Con il gallo, prima della battaglia (di Luigi Zanda)

Ago 20, 15 Con il gallo, prima della battaglia (di Luigi Zanda)

Luigi Zanda 
Parlamentare
La nostra prima volta. L’ho conosciuto nel 2005 quando gli andai a raccontare il progetto di una televisione politica. L’ho trovato da allora un vero signore e una persona di notevole qualità.

Con il gallo, prima della battaglia
Bali, 1992
La foto. La prima battaglia tra galli non si scorda mai.
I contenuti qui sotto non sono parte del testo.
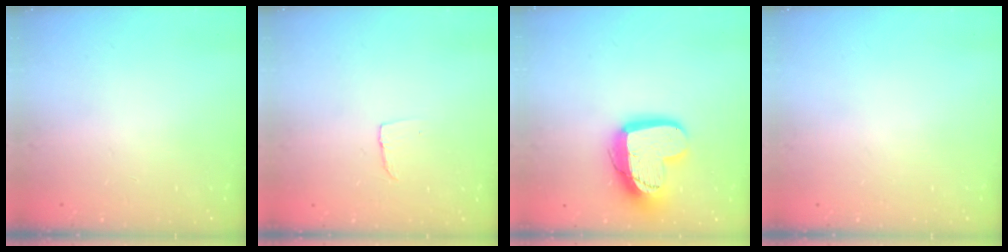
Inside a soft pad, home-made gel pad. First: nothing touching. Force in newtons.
{"total": 4.2, "press": 4.2, "slide": 0.3}
{"total": 16.7, "press": 16.6, "slide": 1.5}
{"total": 0.0}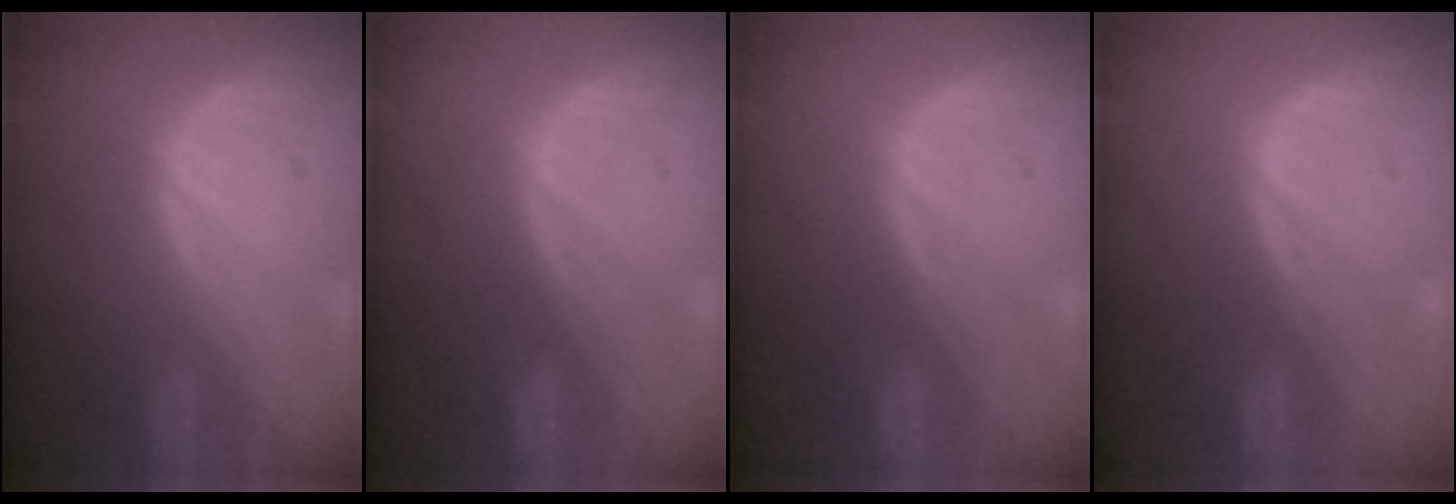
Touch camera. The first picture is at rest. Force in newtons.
{"total": 0.0}
{"total": 0.0}
{"total": 0.0}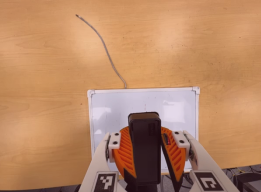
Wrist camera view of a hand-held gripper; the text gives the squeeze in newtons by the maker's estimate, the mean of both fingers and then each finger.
{"total": 10.0, "left": 10.4, "right": 9.6}

I colori non servivano, avrebbero distratto dal calore degli sguardi.

 

Bali, 1992

Bali, 1992

La fotografia in bianco e nero rende la realtà con una forza ideale che difficilmente il colore riesce a raggiungere.
Questa immagine in bianco e nero mostra un uomo che, chino sul suo gallo, gli sfiora con la mano sinistra il becco, rivelando un rapporto di affetto intimità fisica.
Ma c’è un ma. È un gallo da combattimento che il padrone sta per mandare al massacro!
Il combattimento tra galli non è solo un residuo delle tante mostruosità create dall’uomo in giro nel pineta. È anche una metafora della nostra vita, del nostro combattimento quotidiano nella scuola, nel lavoro, nella politica, nella società, persino nella famiglia e nell’amore.
Alla legge naturale del più forte, alla competizione vitale e al combattimento, in tutte le sue innumerevoli forme, positive e negative, l’evoluzione dell’uomo è riuscita sinora a contrapporre una linea immateriale di confine: la cultura e la legge.
Al potere della forza, possiamo solo opporre ragione, educazione, democrazia e, soprattutto, regole condivise. In altre parole, alla violenza dobbiamo opporre la buona politica, intesa come scuola del rapporto tra gli uomini, come regolatore dei rapporti di convivenza.
Il perimetro e gli obiettivi della politica sono quelli della società da migliorare, non un ring per galli da combattimento in un’arena satura dell’odore dei soldi.